30 September, 2016

Timber! How to navigate a tree

Imagine you want to cut down a single, very tall tree. How does it work? How do you do it safely, without damaging surrounding trees, and in a way that allows the lumber to be put to use when all is said and done?

When the opportunity to witness just such an adventure came across my radar, I jumped on it. I've always enjoyed watching people work, and this was a great chance to see someone work in a way that was completely different from what I'm used to.

Mark (bottom, in the photo) owns land somewhere in the forests of the Santa Cruz mountains. As part of a road rerouting project, he brought in his friend Matthew (top; a professional arborist) to cut down what we would later discover to be a 200-foot-tall Redwood tree. Mark mentioned that he plans to use his small sawmill to mill the logs from the tree into lumber, and to use the lumber to build a deck for a house overlooking the site.
As with a lot of work projects, the most important aspects of a job like this are tools and infrastructure. You have to be able to move around, you have to be able to move your tools around, and you have to be able to put those tools to use.

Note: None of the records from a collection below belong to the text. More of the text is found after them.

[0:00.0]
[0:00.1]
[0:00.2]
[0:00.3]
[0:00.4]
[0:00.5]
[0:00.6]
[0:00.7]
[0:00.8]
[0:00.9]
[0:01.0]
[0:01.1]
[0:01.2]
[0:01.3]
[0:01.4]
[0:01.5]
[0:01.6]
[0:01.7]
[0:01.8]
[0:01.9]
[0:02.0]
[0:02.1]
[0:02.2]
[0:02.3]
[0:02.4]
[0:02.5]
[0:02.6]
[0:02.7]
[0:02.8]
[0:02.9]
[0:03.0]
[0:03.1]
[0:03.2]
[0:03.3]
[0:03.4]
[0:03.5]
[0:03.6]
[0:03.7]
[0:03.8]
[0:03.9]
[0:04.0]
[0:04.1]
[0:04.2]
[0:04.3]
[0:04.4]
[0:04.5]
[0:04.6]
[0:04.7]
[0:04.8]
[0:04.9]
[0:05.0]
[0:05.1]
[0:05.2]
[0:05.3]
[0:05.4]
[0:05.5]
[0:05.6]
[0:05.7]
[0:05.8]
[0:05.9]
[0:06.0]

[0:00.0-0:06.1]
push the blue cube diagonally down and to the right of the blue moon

In the photo, Matthew continues climbing after setting a rope 75 feet above the ground. The rope gave him a handy re-belay (aka rope transfer) point, in case his fixed top rope ended up too short to reach all the way to the ground.
On previous days, Matthew had cleared out some of the lower-hanging limbs on the tree. This particular day, he would essentially climb the full tree twice. On his first pass up, he finished off the limb removal, followed by a lunch and rest break back at ground level. He rigged a 2-to-1 rope system for the top half of the descent/ascent — he would climb twice as much rope to travel a given distance, but he'd only need to use half as much force.

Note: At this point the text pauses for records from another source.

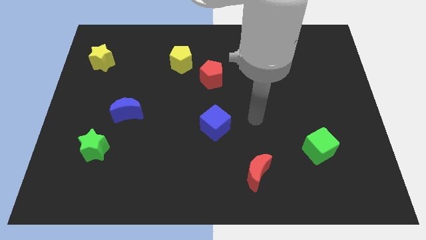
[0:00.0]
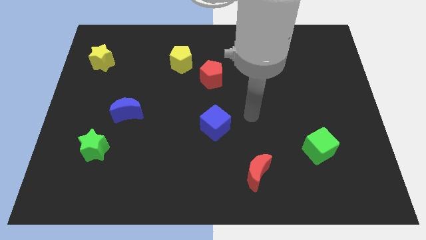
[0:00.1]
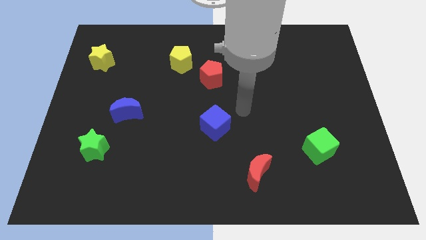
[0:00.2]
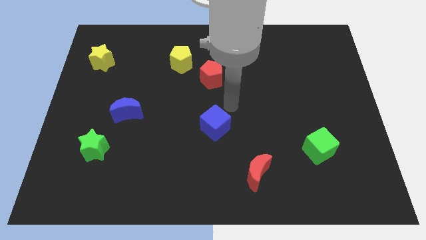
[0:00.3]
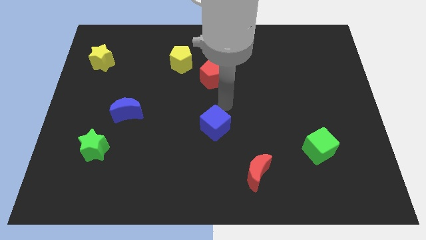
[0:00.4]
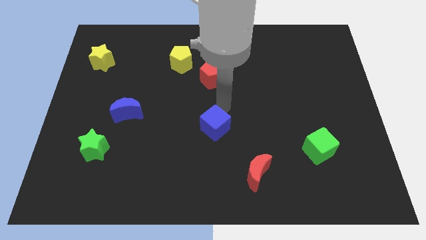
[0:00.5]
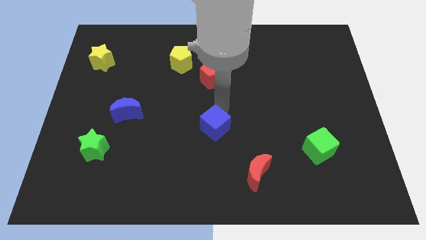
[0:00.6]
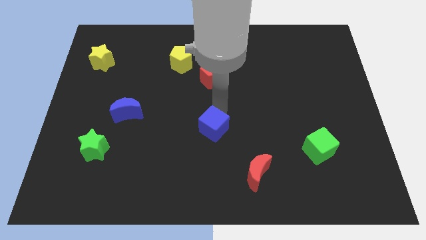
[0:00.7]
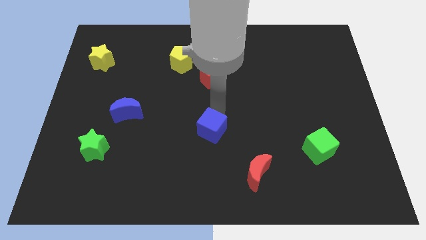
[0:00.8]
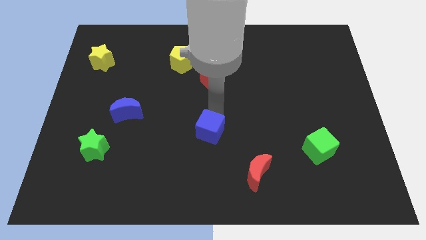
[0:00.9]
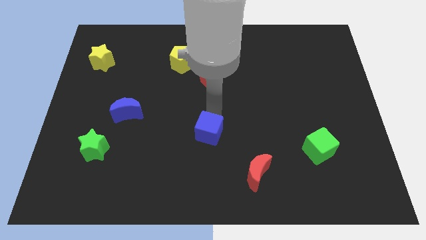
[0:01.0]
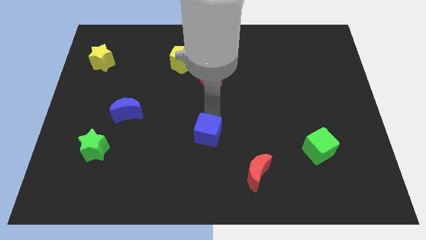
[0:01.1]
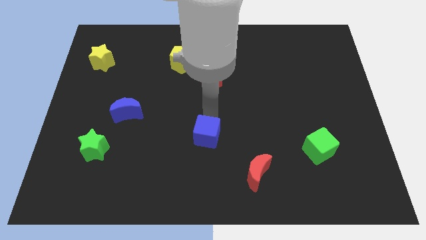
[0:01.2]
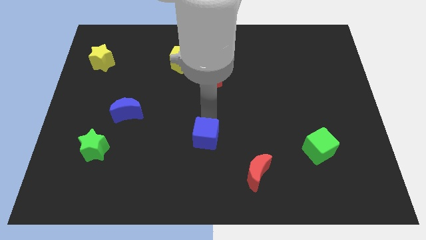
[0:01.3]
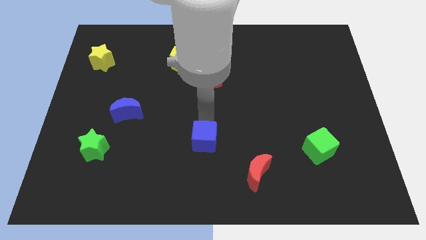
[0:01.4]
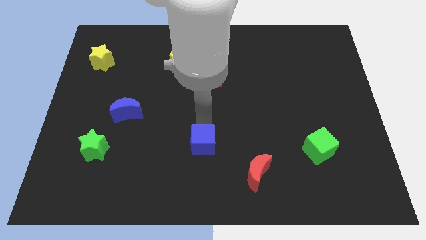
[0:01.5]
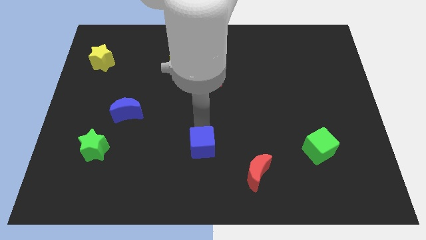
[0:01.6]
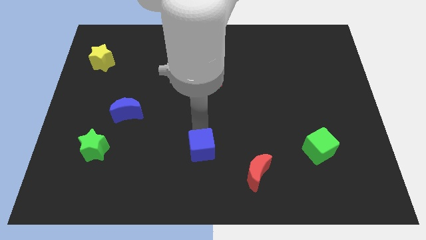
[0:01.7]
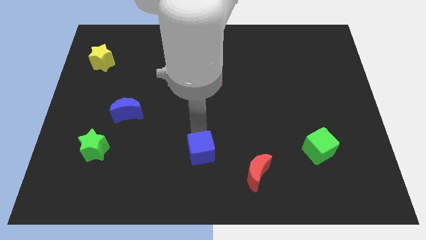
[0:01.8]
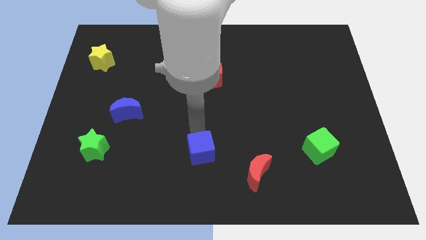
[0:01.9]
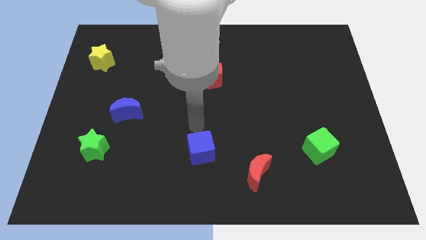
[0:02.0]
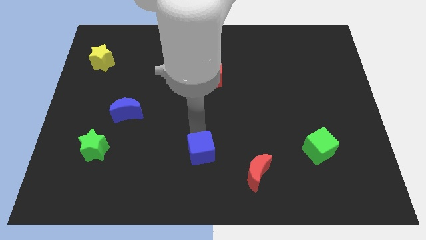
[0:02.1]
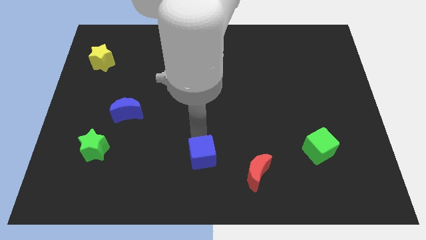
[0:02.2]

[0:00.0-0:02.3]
push the blue cube to the left side of the red moon

In the photo, he grabs his fixed top rope to keep track of it (and, presumably, to keep it from twisting around the tree) on his way down for lunchtime.
And what's lunchtime without some goofing off? Matthew told us that this was the tallest tree he had ever climbed, and the effect of being the weight at the bottom of a 150+-foot pendulum was that he could practically fly by pushing gently off of the trunk.
And as he sat down for some food and rest, some of the kids took turns on the rope as well.
After lunch, Matthew gave us a short course on chainsaw safety: how to hold it, how to start it, how the safety mechanisms worked, and what to wear to keep safe while using it. Then he cut down a short tree to demonstrate, at ground level, the hinge cutting technique that he'd be using to cut down sections of the actual trunk.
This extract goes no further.